▶ PROMPT: Look below for the line holding "#1259 = CARTESIAN_POINT" and the line holding "#3229 = DIRECTION". Transcribe exactly those lines and all lines between them, nothing more.

........

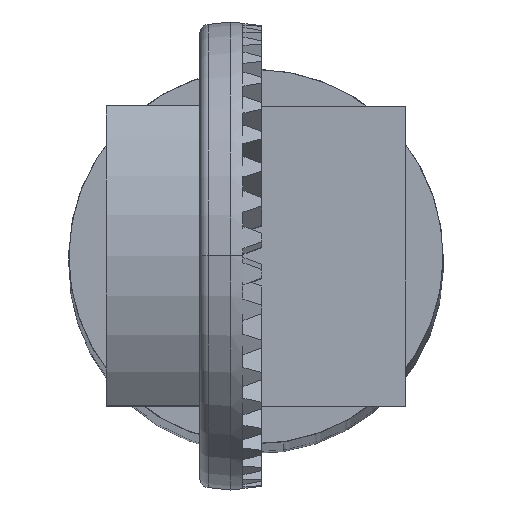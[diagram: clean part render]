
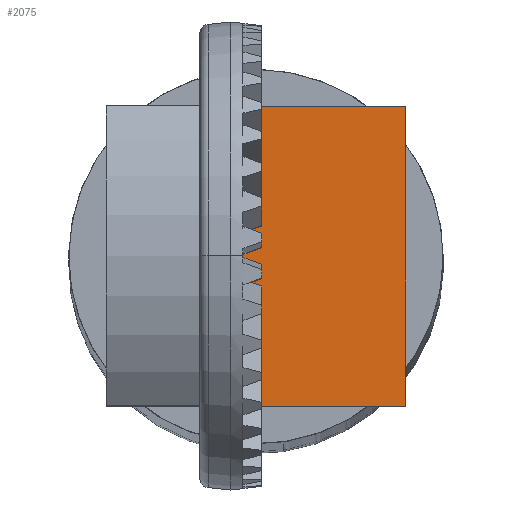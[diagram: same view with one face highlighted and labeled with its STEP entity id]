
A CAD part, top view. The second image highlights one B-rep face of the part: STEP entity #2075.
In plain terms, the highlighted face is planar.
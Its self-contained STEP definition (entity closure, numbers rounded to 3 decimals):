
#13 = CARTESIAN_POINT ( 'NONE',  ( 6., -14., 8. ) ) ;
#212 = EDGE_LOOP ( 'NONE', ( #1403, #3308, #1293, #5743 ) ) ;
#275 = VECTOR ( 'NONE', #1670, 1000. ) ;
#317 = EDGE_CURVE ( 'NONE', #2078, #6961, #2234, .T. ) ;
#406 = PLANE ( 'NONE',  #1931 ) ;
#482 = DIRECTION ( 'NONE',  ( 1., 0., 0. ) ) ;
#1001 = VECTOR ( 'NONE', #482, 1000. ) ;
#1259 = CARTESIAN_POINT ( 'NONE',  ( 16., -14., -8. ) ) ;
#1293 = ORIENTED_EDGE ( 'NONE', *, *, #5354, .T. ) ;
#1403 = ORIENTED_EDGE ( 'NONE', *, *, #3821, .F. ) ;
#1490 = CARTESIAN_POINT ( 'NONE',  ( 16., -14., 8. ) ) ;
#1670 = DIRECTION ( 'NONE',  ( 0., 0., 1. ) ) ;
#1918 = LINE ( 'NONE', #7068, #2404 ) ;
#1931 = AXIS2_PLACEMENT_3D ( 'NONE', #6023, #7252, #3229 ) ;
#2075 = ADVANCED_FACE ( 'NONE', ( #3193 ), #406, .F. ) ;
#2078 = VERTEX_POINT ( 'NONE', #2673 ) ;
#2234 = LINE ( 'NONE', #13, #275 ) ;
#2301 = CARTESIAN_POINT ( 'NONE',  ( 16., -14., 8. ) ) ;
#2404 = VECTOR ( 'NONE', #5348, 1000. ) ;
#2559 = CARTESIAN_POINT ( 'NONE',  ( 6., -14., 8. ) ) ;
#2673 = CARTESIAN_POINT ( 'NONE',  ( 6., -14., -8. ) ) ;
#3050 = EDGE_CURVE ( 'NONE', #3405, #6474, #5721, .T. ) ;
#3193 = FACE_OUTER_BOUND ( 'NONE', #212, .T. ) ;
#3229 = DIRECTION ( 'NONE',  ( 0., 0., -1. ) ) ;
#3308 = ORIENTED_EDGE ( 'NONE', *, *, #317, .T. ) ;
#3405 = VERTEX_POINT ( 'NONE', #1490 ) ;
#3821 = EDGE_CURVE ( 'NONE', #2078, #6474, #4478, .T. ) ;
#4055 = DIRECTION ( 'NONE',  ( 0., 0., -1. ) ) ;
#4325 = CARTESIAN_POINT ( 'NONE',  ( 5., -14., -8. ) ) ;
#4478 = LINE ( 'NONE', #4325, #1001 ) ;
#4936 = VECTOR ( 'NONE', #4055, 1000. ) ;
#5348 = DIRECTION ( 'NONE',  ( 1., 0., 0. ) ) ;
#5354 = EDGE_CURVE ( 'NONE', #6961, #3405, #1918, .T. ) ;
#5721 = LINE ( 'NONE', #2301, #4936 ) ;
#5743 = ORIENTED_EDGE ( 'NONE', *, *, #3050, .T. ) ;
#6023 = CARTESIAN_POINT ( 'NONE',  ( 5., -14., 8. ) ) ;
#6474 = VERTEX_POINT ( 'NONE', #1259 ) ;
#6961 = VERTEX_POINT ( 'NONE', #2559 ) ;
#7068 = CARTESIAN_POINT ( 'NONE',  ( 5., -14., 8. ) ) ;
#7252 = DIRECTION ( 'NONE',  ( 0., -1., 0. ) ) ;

........

▶ RESULT OF THE TASK:
#1259 = CARTESIAN_POINT ( 'NONE',  ( 16., -14., -8. ) ) ;
#1293 = ORIENTED_EDGE ( 'NONE', *, *, #5354, .T. ) ;
#1403 = ORIENTED_EDGE ( 'NONE', *, *, #3821, .F. ) ;
#1490 = CARTESIAN_POINT ( 'NONE',  ( 16., -14., 8. ) ) ;
#1670 = DIRECTION ( 'NONE',  ( 0., 0., 1. ) ) ;
#1918 = LINE ( 'NONE', #7068, #2404 ) ;
#1931 = AXIS2_PLACEMENT_3D ( 'NONE', #6023, #7252, #3229 ) ;
#2075 = ADVANCED_FACE ( 'NONE', ( #3193 ), #406, .F. ) ;
#2078 = VERTEX_POINT ( 'NONE', #2673 ) ;
#2234 = LINE ( 'NONE', #13, #275 ) ;
#2301 = CARTESIAN_POINT ( 'NONE',  ( 16., -14., 8. ) ) ;
#2404 = VECTOR ( 'NONE', #5348, 1000. ) ;
#2559 = CARTESIAN_POINT ( 'NONE',  ( 6., -14., 8. ) ) ;
#2673 = CARTESIAN_POINT ( 'NONE',  ( 6., -14., -8. ) ) ;
#3050 = EDGE_CURVE ( 'NONE', #3405, #6474, #5721, .T. ) ;
#3193 = FACE_OUTER_BOUND ( 'NONE', #212, .T. ) ;
#3229 = DIRECTION ( 'NONE',  ( 0., 0., -1. ) ) ;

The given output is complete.